Of all the entries in Marilyn’s list, the only names I recognized were Winstead’s and my own.

Phil handed me a report that detailed every moment I was with Marilyn. Where we had gone, who we had seen, what we had talked about. In the second entry, Kelly had written: “Contact not as easily manipulated through sex as previously suggested. Looks to be turning this operative and may require her elimination along with his.

“She warned me,” I said.

“Hey, recognize this guy?” Phil held out another photo. It was my high school graduation picture. “He’s got quite a file on you, Harper. Traffic tickets, high school records, and an interview with the owner of a radio station who says here that you’re, quote, ‘a liberal nigger-lover who doesn’t deserve to wear a uniform.’”

“I hope her dogs are dead.”

Phil handed me another photo. It was the man who had climbed into the back of Ren’s car, several minutes before the Chevy had poured black smoke into the clear blue Panamanian sky.

“Looks like they paid him two thousand dollars to kill you and Ren. But the guy died in a bus accident outside of Colón.”

“I’ve seen enough,” I said, putting the file back into the folder.

“Looky-looky,” said Phil, reaching into the safe and pulling up a gray metal strongbox. “It’s locked.”

“Did you check?”

“Yes, I checked.”

“You got a bobby pin, Kris?”

She ran off and I hollered after her to bring two. When she returned I took one pin and bent it into a tiny L. As a torque wrench, it wouldn’t open anything much more sophisticated than a girl’s diary, but it was enough for this. I straightened another bobby pin and went to work. Kris whispered, “I guess it’s a waste of time locking my bedroom door, huh, Monkeyboy?”
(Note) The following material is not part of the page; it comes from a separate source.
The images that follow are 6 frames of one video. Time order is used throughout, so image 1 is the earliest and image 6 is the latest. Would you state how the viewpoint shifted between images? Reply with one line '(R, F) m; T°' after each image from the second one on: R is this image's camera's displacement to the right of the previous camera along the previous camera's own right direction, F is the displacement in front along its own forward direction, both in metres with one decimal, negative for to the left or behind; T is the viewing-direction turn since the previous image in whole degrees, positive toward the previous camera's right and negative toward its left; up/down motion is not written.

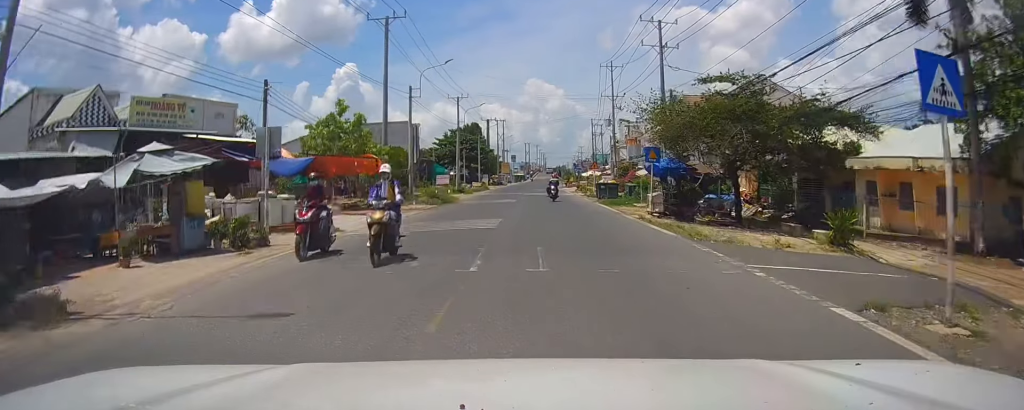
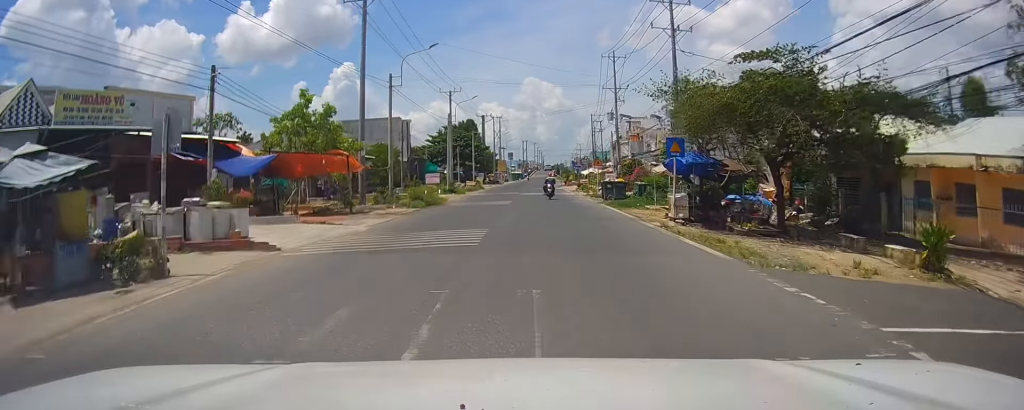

The box popped open. “Whoa, Phil, look at this.” Inside were bundles of brand-new cash, held together with plain paper bands. “They’re euros, denominations of five hundred, the new choice of smugglers everywhere. They’re not very liquid, but they take up less space than American hundred-dollar bills.” I counted the stacks. “My God, there’s five million in here.”

But Phil wasn’t looking, he had both arms inside the safe, pulling at something. “I can’t get this,” he said, and grunted with effort. “My fingers are too fat. You try.”

I stretched out on my stomach and put both hands inside the safe. My fingers ran along the edge and I felt it move. “It’s a false bottom,” I said.

“He’s the smart one,” Phil said.

I worked my fingertips into the space, got a thin hold, and tugged. The floor came up. I hauled a green duffel bag onto the floor. Its lock was even less of a challenge than the cash box, a sign that Kelly never expected anyone to get this far. When I opened the duffel, stacks of cash spilled out, and Phil whispered, “Holy sweet Mother of God.”

These were more bundles of euros, and from the weight of the bag I estimated an easy four million. I said, “I think I’m about to wet myself.”